* **Task item**:
If the records below hold pictures, omit them, and print exactly the lines from the first line through the line containing "འགྱུར་བ་ཉམས་པ་", inclusive.
----- Recorded data -----
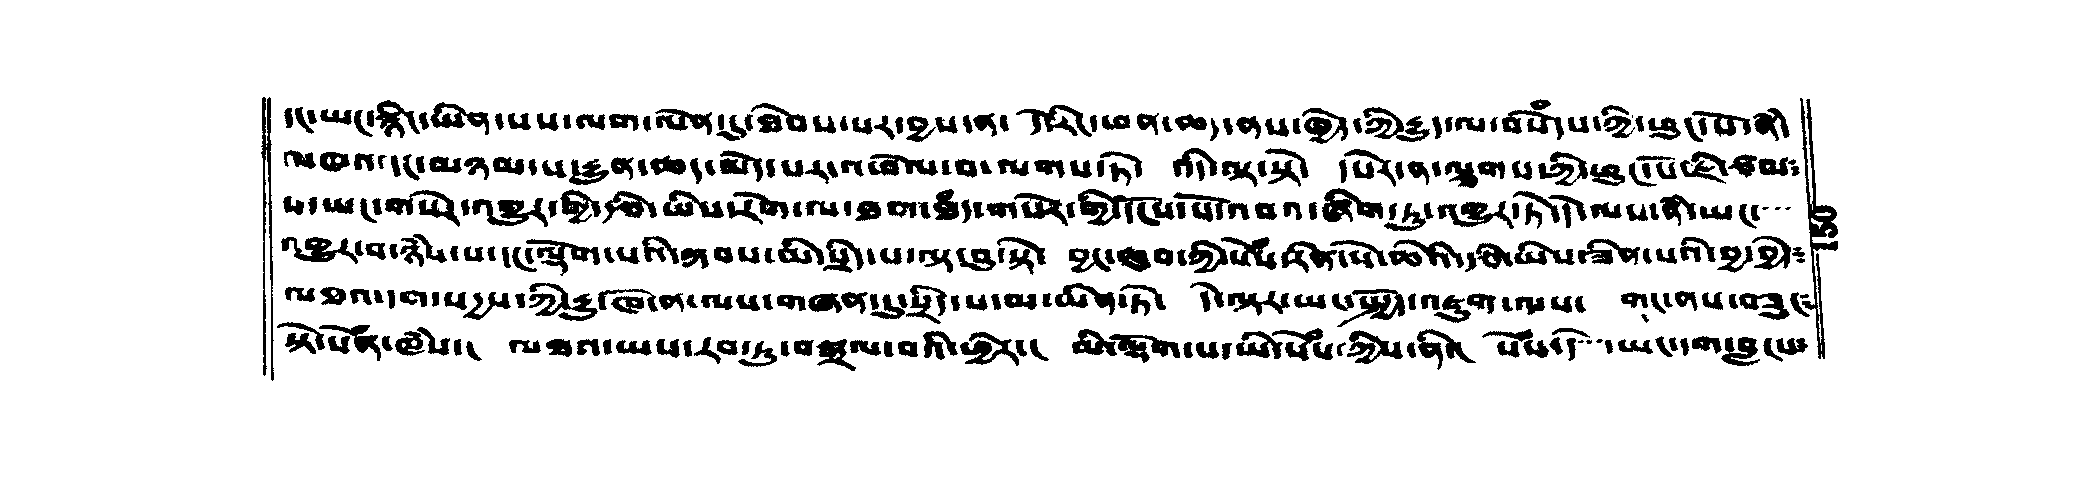དང་ཡང་སྙིང་ཡིན་པས་ལག་ལེན་དུ་ཐེབས་པར་བྱས་ན། དེ་རིང་ཕན་ཆད་ནས་ཁྱེད་ཀྱི་རྒྱུད་ལ་བསོད་ནམས་ཀྱི་ཕུང་པོ་ནམ་
མཁའ་དང་མཉམ་པ་རྒྱུན་ཆད་མེད་པར་འཕེལ་བ་ལགས་ཏེ། འདི་ལྟ་སྟེ། དཔེར་ན་ལྕགས་ཀྱི་ཕུང་པོ་ཇི་ཙམ་
པ་ཡང་གསེར་འགྱུར་གྱི་རྩི་ཡིས་རེག་མ་ཐག་ཐམས་ཅད་གསེར་གྱི་དངོས་པོ་འབའ་ཞིག་ཏུ་འགྱུར་ཏེ་དེ་ལས་ནམ་ཡང་
འགྱུར་བ་ཉམས་པ་དང་ལྡོག་པའི་སྐབས་མི་སྲིད་པ་ལྟ་བུ་སྟེ། བྱང་ཆུབ་ཀྱི་སེམས་རིན་པོ་ཆེའི་རྩི་ཡིས་ཟིན་པའི་བྱ་བྱེད་
མཐའ་དག་སངས་རྒྱས་ཀྱི་རྒྱུ་ཁོ་ན་ལས་གཞན་དུ་སྲིད་པ་མ་ཡིན་ཏེ། དེ་ལྟར་ཡང་སྤྱོད་འཇུག་ལས། གང་ནས་བཟུང་
སྟེ་སེམས་ཅན་ཁམས། མཐའ་ཡས་རབ་ཏུ་བསྒྲལ་བའི་ཕྱིར། མི་ལྡོག་པ་ཡི་སེམས་ཀྱི་ནི། སེམས་དེ་ཡང་དག་བླངས་
-----
* **Answer section**:
དང་ཡང་སྙིང་ཡིན་པས་ལག་ལེན་དུ་ཐེབས་པར་བྱས་ན། དེ་རིང་ཕན་ཆད་ནས་ཁྱེད་ཀྱི་རྒྱུད་ལ་བསོད་ནམས་ཀྱི་ཕུང་པོ་ནམ་
མཁའ་དང་མཉམ་པ་རྒྱུན་ཆད་མེད་པར་འཕེལ་བ་ལགས་ཏེ། འདི་ལྟ་སྟེ། དཔེར་ན་ལྕགས་ཀྱི་ཕུང་པོ་ཇི་ཙམ་
པ་ཡང་གསེར་འགྱུར་གྱི་རྩི་ཡིས་རེག་མ་ཐག་ཐམས་ཅད་གསེར་གྱི་དངོས་པོ་འབའ་ཞིག་ཏུ་འགྱུར་ཏེ་དེ་ལས་ནམ་ཡང་
འགྱུར་བ་ཉམས་པ་དང་ལྡོག་པའི་སྐབས་མི་སྲིད་པ་ལྟ་བུ་སྟེ། བྱང་ཆུབ་ཀྱི་སེམས་རིན་པོ་ཆེའི་རྩི་ཡིས་ཟིན་པའི་བྱ་བྱེད་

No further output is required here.